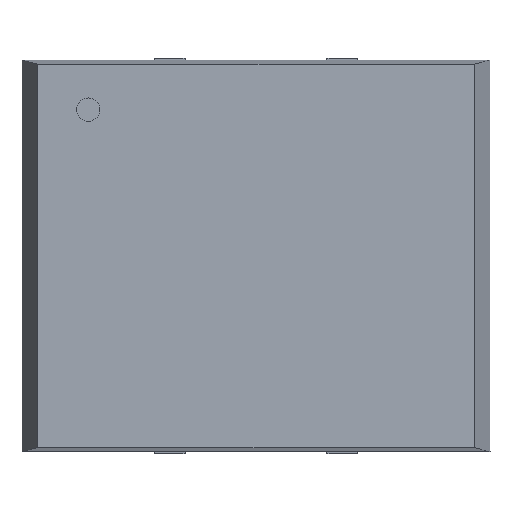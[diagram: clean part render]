
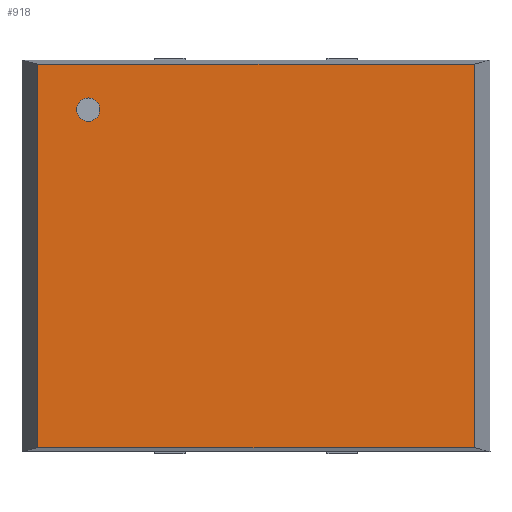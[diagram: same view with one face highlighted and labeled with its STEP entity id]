
A CAD part, top view. The second image highlights one B-rep face of the part: STEP entity #918.
In plain terms, the highlighted planar face has unit normal (0, 0, 1).
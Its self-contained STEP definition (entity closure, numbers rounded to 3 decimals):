
#61=FACE_OUTER_BOUND('',#108,.T.);
#108=EDGE_LOOP('',(#727,#728,#729,#730));
#199=LINE('',#1395,#320);
#200=LINE('',#1397,#321);
#201=LINE('',#1399,#322);
#202=LINE('',#1400,#323);
#320=VECTOR('',#1151,5.694);
#321=VECTOR('',#1152,4.998);
#322=VECTOR('',#1153,5.694);
#323=VECTOR('',#1154,4.998);
#422=VERTEX_POINT('',#1393);
#423=VERTEX_POINT('',#1394);
#424=VERTEX_POINT('',#1396);
#425=VERTEX_POINT('',#1398);
#525=EDGE_CURVE('',#422,#423,#199,.T.);
#526=EDGE_CURVE('',#424,#422,#200,.T.);
#527=EDGE_CURVE('',#425,#424,#201,.T.);
#528=EDGE_CURVE('',#423,#425,#202,.T.);
#727=ORIENTED_EDGE('',*,*,#525,.F.);
#728=ORIENTED_EDGE('',*,*,#526,.F.);
#729=ORIENTED_EDGE('',*,*,#527,.F.);
#730=ORIENTED_EDGE('',*,*,#528,.F.);
#815=PLANE('',#986);
#918=ADVANCED_FACE('',(#61),#815,.F.);
#986=AXIS2_PLACEMENT_3D('',#1392,#1149,#1150);
#1149=DIRECTION('center_axis',(0.,0.,-1.));
#1150=DIRECTION('ref_axis',(0.,1.,0.));
#1151=DIRECTION('',(-1.,0.,0.));
#1152=DIRECTION('',(0.,-1.,0.));
#1153=DIRECTION('',(1.,0.,0.));
#1154=DIRECTION('',(0.,1.,0.));
#1392=CARTESIAN_POINT('Origin',(-2.847,-2.499,1.702));
#1393=CARTESIAN_POINT('',(2.847,-2.499,1.702));
#1394=CARTESIAN_POINT('',(-2.847,-2.499,1.702));
#1395=CARTESIAN_POINT('',(2.847,-2.499,1.702));
#1396=CARTESIAN_POINT('',(2.847,2.499,1.702));
#1397=CARTESIAN_POINT('',(2.847,2.499,1.702));
#1398=CARTESIAN_POINT('',(-2.847,2.499,1.702));
#1399=CARTESIAN_POINT('',(-2.847,2.499,1.702));
#1400=CARTESIAN_POINT('',(-2.847,-2.499,1.702));

REQUIRED WORK:
Pictures excluded, repeat the material above from its first line through the line containing "#728=ORIENTED_EDGE('',*,*,#526,.F.);", both included.

TASK RESPONSE:
[diagram: clean part render]
[diagram: same view with one face highlighted and labeled with its STEP entity id]
A CAD part, top view. The second image highlights one B-rep face of the part: STEP entity #918.
In plain terms, the highlighted planar face has unit normal (0, 0, 1).
Its self-contained STEP definition (entity closure, numbers rounded to 3 decimals):
#61=FACE_OUTER_BOUND('',#108,.T.);
#108=EDGE_LOOP('',(#727,#728,#729,#730));
#199=LINE('',#1395,#320);
#200=LINE('',#1397,#321);
#201=LINE('',#1399,#322);
#202=LINE('',#1400,#323);
#320=VECTOR('',#1151,5.694);
#321=VECTOR('',#1152,4.998);
#322=VECTOR('',#1153,5.694);
#323=VECTOR('',#1154,4.998);
#422=VERTEX_POINT('',#1393);
#423=VERTEX_POINT('',#1394);
#424=VERTEX_POINT('',#1396);
#425=VERTEX_POINT('',#1398);
#525=EDGE_CURVE('',#422,#423,#199,.T.);
#526=EDGE_CURVE('',#424,#422,#200,.T.);
#527=EDGE_CURVE('',#425,#424,#201,.T.);
#528=EDGE_CURVE('',#423,#425,#202,.T.);
#727=ORIENTED_EDGE('',*,*,#525,.F.);
#728=ORIENTED_EDGE('',*,*,#526,.F.);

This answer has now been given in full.